[Task description]
Could you output each line below precisely as it stands, without the images?

[Data shown]
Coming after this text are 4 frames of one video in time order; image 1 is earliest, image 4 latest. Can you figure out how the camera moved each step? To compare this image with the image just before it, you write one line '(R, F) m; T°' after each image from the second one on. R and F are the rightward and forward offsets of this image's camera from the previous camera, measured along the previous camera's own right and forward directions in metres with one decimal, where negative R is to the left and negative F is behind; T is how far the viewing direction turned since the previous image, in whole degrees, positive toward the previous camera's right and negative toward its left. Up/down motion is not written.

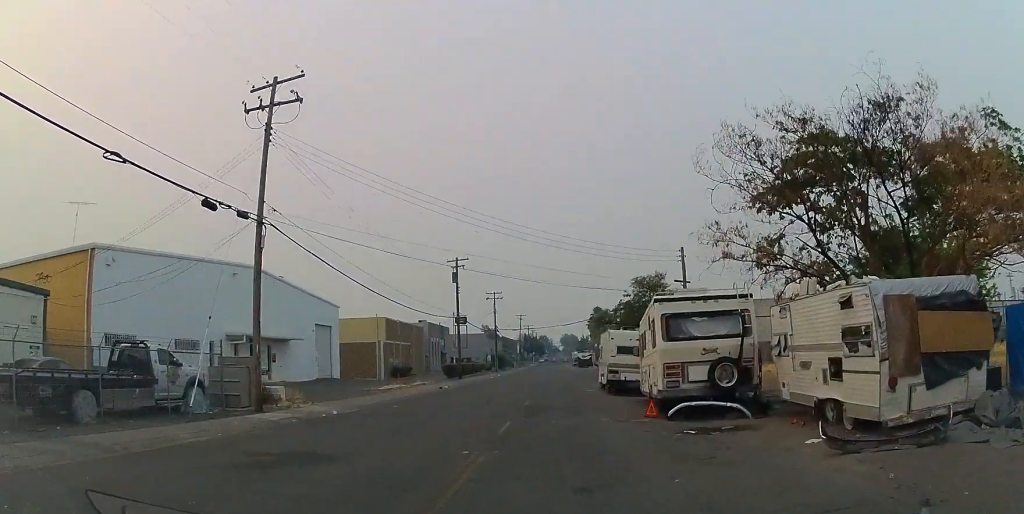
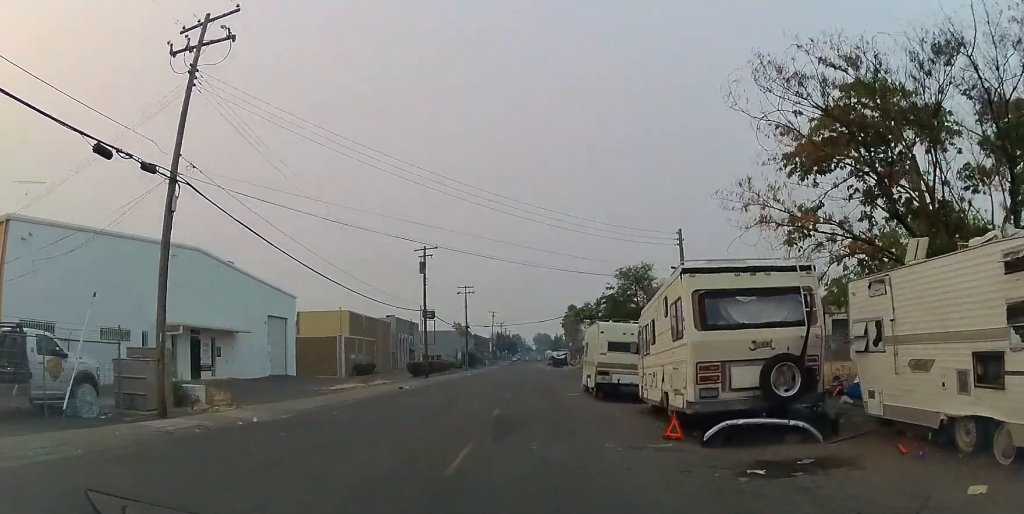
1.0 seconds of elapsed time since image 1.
(+0.3, +4.6) m; +1°
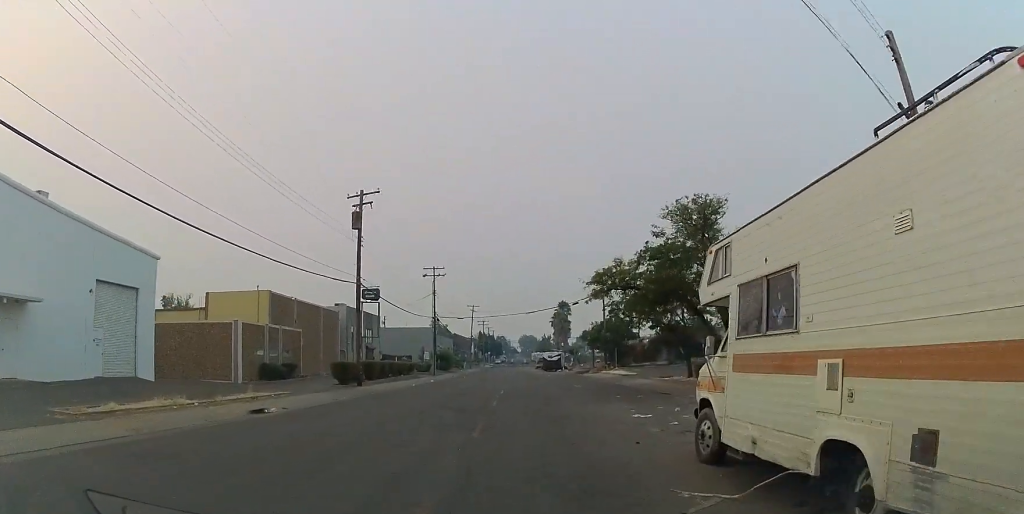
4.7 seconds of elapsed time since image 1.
(-1.0, +18.8) m; -3°
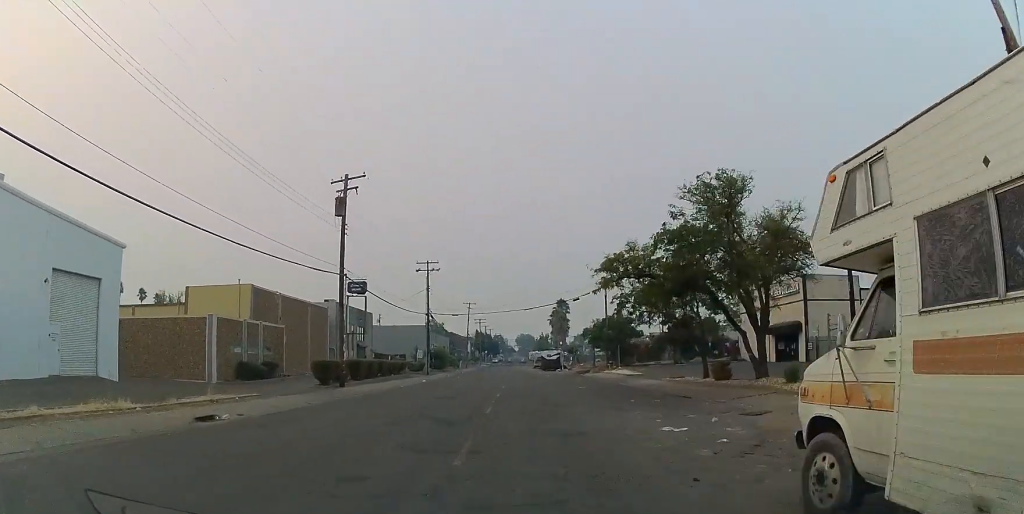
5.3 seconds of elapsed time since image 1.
(0.0, +3.3) m; 0°

[Answer to this task]
Coming after this text are 4 frames of one video in time order; image 1 is earliest, image 4 latest. Can you figure out how the camera moved each step? To compare this image with the image just before it, you write one line '(R, F) m; T°' after each image from the second one on. R and F are the rightward and forward offsets of this image's camera from the previous camera, measured along the previous camera's own right and forward directions in metres with one decimal, where negative R is to the left and negative F is behind; T is how far the viewing direction turned since the previous image, in whole degrees, positive toward the previous camera's right and negative toward its left. Up/down motion is not written.

1.0 seconds of elapsed time since image 1.
(+0.3, +4.6) m; +1°
4.7 seconds of elapsed time since image 1.
(-1.0, +18.8) m; -3°
5.3 seconds of elapsed time since image 1.
(0.0, +3.3) m; 0°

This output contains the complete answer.